Keys (Cont.) • There can be more than one candidate key. • In the school’s database (banner), a person can be identified by his or her • socialSecNumber • idNumber • pidm • The primary key is the candidate key that is selected to identify the entity occurrence internally (within the database). • A candidate not chosen to be the primary is sometimes called an alternate key.
Relational Model: Ingredients • The main components of the Relational Model are tables (a two-dimensional array). • Tables are a realization of the mathematical concept of a relation. • Tables are reminiscent of the files used in a file-based approach. • Table Relation File • The table is logical and the data does not necessarily take this form physically. • A table has a name.

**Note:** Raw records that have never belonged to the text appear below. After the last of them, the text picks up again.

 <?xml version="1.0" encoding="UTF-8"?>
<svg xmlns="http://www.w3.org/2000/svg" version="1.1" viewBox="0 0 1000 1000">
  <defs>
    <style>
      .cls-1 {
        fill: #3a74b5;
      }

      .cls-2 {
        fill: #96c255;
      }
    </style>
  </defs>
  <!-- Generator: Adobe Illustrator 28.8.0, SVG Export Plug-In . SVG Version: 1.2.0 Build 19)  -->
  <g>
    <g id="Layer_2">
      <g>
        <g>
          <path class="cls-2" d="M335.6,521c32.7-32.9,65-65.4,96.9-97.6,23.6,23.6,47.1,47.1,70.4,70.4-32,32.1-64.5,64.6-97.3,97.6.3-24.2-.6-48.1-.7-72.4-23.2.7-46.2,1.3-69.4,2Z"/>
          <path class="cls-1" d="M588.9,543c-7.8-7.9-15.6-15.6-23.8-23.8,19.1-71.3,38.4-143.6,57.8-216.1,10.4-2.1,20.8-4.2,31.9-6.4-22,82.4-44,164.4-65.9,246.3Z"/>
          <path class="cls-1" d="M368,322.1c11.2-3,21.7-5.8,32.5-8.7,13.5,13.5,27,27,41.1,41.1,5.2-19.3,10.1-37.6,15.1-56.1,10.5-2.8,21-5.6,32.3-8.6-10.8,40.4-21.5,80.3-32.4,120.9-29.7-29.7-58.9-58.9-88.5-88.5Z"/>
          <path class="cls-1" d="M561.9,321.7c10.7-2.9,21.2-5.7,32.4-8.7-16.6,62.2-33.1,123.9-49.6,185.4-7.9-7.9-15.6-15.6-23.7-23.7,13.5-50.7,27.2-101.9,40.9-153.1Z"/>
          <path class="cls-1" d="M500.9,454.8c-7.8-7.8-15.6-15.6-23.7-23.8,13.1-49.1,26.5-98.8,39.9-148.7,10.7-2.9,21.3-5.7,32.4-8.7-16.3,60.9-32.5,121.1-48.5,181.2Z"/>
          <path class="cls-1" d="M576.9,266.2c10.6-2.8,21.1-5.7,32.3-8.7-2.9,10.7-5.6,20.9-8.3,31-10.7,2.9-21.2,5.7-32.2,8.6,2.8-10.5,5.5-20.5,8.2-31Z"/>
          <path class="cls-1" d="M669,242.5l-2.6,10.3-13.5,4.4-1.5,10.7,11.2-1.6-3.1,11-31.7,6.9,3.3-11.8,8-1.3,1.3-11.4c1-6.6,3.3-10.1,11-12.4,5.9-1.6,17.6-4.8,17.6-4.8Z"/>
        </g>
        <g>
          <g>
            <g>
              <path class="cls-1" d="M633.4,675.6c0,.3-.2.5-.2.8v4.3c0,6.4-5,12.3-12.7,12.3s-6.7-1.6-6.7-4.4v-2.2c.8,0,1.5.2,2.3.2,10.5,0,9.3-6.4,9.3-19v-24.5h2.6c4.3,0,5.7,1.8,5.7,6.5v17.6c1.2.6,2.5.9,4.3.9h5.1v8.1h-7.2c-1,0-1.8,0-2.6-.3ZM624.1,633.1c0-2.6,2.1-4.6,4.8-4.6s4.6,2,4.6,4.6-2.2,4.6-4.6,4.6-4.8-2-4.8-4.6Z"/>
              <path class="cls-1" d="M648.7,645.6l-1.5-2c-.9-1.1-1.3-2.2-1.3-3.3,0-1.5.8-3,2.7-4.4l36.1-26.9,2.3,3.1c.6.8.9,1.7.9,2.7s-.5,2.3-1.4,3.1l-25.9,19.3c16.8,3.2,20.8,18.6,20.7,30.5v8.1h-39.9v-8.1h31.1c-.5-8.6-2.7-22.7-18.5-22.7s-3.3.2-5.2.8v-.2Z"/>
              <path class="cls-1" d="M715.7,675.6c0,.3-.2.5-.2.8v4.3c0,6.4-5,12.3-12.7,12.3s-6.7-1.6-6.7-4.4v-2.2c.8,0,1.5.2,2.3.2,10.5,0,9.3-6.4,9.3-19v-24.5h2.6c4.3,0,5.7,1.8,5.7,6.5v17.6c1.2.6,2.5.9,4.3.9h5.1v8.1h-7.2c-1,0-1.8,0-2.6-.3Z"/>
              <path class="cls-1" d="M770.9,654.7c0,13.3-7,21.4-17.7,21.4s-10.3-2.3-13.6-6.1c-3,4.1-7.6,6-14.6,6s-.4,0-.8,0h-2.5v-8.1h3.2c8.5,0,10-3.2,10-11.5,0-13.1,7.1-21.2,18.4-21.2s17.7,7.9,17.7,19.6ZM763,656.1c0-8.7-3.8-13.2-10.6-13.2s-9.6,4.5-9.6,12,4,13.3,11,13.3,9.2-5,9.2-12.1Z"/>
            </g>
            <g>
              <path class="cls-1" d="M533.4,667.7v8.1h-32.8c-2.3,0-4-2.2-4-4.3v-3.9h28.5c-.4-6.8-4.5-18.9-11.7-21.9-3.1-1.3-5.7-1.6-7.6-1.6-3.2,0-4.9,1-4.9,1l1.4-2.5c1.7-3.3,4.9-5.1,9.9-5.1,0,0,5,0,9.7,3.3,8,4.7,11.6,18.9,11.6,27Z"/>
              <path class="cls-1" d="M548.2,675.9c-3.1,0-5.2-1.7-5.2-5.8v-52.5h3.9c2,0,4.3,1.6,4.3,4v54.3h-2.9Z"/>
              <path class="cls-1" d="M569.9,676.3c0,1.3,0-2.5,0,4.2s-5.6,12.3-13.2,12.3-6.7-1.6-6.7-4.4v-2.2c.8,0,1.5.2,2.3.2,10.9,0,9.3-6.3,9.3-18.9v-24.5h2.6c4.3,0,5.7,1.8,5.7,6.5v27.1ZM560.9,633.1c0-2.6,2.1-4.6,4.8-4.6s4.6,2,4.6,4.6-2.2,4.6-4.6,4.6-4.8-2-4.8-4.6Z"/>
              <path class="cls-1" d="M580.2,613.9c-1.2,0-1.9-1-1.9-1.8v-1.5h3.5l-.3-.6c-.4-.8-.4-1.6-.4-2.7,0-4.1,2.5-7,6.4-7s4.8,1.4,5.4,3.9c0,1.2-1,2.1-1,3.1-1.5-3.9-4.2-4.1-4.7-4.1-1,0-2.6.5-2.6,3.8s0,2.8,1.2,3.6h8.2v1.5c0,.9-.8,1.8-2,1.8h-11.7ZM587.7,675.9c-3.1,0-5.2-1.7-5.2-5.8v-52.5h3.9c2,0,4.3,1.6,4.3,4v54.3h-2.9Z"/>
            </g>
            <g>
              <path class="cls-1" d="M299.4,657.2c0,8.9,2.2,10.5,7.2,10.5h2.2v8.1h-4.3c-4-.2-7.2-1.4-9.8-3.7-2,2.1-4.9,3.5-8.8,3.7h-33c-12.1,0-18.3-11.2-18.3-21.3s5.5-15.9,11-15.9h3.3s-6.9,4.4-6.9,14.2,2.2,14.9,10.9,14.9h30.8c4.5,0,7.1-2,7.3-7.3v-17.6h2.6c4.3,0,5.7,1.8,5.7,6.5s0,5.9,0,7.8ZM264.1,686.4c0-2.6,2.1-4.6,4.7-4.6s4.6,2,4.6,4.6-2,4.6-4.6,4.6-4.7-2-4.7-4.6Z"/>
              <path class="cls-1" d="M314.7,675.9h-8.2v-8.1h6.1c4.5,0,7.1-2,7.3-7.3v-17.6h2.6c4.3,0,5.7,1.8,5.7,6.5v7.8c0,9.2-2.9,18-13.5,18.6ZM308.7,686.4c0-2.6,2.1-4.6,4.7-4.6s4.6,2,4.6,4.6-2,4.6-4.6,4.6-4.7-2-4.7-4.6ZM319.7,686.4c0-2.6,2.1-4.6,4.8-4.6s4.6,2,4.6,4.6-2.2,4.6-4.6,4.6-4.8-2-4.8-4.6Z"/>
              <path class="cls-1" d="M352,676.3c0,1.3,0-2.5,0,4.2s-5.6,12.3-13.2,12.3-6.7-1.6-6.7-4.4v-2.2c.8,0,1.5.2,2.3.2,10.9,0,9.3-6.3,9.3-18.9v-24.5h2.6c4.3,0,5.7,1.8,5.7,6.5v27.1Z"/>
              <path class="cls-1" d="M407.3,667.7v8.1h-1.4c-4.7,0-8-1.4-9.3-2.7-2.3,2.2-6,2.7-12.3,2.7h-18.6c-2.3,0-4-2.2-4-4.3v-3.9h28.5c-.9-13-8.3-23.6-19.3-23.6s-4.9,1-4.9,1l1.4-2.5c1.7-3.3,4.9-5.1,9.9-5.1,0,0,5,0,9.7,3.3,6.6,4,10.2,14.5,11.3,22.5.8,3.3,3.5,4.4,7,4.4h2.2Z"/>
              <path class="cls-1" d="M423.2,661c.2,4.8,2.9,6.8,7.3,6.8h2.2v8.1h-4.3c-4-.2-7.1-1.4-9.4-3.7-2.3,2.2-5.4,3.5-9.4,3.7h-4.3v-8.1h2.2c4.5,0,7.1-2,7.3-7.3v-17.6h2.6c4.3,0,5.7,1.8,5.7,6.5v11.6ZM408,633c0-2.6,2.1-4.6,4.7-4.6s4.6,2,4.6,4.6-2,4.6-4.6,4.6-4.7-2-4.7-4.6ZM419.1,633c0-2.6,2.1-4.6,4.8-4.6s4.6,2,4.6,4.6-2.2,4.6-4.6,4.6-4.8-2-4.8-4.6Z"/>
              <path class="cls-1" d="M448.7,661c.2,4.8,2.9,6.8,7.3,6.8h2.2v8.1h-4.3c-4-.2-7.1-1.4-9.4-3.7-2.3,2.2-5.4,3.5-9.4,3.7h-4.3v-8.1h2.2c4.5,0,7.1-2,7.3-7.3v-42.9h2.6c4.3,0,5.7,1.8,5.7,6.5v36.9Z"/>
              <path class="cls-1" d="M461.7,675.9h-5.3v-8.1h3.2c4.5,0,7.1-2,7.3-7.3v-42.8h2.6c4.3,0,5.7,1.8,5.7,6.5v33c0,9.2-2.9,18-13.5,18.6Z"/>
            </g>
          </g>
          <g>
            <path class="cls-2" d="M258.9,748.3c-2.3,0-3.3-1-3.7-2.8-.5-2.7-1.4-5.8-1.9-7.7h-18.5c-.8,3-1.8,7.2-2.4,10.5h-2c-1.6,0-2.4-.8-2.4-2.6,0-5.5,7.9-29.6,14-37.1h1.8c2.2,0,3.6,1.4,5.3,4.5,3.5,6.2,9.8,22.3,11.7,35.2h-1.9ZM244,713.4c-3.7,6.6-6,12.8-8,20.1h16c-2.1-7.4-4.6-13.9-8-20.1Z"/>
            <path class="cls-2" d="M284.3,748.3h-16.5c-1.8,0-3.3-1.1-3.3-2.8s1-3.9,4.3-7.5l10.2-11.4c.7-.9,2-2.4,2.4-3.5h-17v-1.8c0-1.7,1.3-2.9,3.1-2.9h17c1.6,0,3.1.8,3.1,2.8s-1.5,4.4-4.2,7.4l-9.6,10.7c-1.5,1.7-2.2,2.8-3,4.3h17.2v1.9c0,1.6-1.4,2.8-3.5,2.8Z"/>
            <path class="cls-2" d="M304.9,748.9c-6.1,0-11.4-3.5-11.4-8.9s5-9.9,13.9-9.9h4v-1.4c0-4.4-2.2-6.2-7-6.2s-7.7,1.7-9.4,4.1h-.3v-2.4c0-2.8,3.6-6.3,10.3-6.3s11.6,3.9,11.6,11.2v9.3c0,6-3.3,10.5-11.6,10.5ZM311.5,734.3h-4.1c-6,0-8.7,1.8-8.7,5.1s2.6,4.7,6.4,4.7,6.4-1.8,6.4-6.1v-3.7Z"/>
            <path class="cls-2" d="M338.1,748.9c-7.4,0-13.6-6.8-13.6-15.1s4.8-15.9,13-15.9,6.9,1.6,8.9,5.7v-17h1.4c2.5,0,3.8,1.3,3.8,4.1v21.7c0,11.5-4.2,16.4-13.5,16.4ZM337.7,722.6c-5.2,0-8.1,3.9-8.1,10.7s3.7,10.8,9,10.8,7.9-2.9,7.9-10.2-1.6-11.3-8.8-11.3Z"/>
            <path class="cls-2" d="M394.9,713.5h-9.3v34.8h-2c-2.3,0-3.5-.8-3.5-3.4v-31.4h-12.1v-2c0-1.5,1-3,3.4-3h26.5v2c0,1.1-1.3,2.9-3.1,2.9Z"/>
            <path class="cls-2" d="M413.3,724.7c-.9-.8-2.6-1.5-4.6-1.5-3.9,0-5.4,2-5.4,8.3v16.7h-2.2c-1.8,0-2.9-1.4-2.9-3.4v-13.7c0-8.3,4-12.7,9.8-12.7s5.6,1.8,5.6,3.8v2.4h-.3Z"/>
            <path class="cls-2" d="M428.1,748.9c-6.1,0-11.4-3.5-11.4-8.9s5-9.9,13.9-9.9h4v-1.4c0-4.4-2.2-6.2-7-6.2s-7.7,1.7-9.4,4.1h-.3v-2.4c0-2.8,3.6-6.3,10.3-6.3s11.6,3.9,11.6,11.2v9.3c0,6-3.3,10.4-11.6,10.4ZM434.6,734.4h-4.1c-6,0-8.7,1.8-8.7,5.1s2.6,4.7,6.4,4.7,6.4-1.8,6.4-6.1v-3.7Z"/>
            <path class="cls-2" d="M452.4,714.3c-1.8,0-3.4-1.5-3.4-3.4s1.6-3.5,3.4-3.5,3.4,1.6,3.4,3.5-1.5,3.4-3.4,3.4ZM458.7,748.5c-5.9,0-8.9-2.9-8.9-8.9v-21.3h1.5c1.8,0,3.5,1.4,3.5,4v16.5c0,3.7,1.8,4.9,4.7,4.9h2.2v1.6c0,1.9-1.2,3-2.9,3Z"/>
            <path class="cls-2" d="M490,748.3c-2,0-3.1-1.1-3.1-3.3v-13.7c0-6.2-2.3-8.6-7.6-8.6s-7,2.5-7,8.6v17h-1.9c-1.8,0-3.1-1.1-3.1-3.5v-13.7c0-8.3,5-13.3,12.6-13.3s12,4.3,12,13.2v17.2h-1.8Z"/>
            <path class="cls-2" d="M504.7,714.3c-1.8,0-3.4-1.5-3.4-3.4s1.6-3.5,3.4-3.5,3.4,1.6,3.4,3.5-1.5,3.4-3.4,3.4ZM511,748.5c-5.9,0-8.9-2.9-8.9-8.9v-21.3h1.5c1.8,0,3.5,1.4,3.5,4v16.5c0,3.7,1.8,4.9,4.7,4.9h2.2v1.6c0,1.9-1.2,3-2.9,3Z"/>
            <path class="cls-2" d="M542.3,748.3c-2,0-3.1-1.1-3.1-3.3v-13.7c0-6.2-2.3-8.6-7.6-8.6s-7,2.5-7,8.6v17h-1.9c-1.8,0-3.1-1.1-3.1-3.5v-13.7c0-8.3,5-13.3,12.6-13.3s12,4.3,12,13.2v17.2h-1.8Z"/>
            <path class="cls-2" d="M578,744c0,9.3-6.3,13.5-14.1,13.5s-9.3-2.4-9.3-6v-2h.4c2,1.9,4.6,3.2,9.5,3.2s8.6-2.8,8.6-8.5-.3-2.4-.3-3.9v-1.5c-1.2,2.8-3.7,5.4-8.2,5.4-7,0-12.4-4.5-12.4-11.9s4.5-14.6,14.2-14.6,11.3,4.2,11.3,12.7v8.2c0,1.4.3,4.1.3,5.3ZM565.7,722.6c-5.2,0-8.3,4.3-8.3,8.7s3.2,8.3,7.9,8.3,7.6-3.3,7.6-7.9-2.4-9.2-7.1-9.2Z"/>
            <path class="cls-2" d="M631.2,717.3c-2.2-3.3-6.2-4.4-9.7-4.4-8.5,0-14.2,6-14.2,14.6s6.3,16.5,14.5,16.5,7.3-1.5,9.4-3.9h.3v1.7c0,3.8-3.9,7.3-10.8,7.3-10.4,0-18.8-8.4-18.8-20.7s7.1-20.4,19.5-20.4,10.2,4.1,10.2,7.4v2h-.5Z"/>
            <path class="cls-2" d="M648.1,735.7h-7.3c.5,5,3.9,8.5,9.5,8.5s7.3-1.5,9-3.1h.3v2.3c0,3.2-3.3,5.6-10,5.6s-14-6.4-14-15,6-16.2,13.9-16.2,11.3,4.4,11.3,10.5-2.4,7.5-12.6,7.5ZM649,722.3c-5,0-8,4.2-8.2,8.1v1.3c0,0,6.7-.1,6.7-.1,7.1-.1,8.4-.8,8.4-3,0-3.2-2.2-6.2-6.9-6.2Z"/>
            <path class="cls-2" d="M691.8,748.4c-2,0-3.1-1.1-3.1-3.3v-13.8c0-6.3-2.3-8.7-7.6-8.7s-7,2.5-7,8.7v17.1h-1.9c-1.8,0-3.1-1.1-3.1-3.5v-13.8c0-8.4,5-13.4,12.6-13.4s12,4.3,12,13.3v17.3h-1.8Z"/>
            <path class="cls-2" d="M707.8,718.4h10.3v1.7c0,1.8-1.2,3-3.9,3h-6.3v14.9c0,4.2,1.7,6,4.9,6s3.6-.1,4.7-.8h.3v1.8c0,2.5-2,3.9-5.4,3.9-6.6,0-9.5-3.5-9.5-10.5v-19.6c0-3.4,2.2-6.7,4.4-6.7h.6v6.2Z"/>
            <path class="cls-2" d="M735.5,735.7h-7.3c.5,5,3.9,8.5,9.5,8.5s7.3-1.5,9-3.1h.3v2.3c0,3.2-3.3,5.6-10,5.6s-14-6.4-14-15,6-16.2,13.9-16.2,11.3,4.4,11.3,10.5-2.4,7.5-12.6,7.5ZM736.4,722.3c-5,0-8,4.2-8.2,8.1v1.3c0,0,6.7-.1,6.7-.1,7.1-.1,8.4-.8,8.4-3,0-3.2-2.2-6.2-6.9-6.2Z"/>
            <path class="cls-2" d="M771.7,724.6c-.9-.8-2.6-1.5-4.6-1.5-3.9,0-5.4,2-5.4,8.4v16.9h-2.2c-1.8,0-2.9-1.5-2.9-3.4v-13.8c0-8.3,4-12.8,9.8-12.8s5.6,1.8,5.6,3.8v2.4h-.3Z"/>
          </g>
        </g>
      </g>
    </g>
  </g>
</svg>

Relational Model: Ingredients (Cont.) • A table collects together associated data. • A table is thought of in terms of rows and columns. • The data in a single column is all of the same type, i.e. all the same property. • E.g. all of the people’s last names. • The column (a.k.a. field) has a name and a type (e.g. text, number, etc.). • A table is distinct from a similar looking mathematical object, the matrix, in that the order of the columns does not matter. • Column Field Attribute Property
Relational Model: Ingredients (Cont.) • The row (a.k.a. a record) collects together the various properties that belong to a particular object. • E.g. a person’s first name, last name, date of birth, etc. • Again a table is distinct from a matrix, in that the order of the rows does not matter. • Row Record Tuple
More Relational Model Vocabulary • In addition to having a type, a field has a domain, the set of values that the particular property is allowed to have. • E.g. a number must fall between 0 and 100. • E.g. some text (string) must have two letters followed by four numbers. • E.g. a person’s gender must be M or F. • Ensuring that a value falls within the domain is called applying the domain constraint.
Input masks and Validation Rules are ways to impose domain constraints in Access
Since data was entered before the validation rule was introduced. The old data must be tested for consistency.
More Relational Model Vocabulary (Cont.) • The number of fields (tuples) in a table is known as its degree. • Unary relations (1-tuples) • Binary relations (2-tuples) • Ternary relations (3-tuples) • N-ary relations (N-tuples) • The number of records in a table is called its cardinality. • The degree is a property of the schema, while the cardinality is a property of the instance.
Degree and Cardinality degree cardinality
Keys • A fields or set of fields that can be used to uniquely identify all of the rows in a table is known as a key. • A key should not have any extraneous fields. • E.g. if SocSecNum uniquely identifies a person, then you don’t need SocSecNum and LastName. • A table may have more than one field or set of fields that serve this purpose, they are called collectively the candidate keys. • One key is chosen from the candidate keys to be the primary key.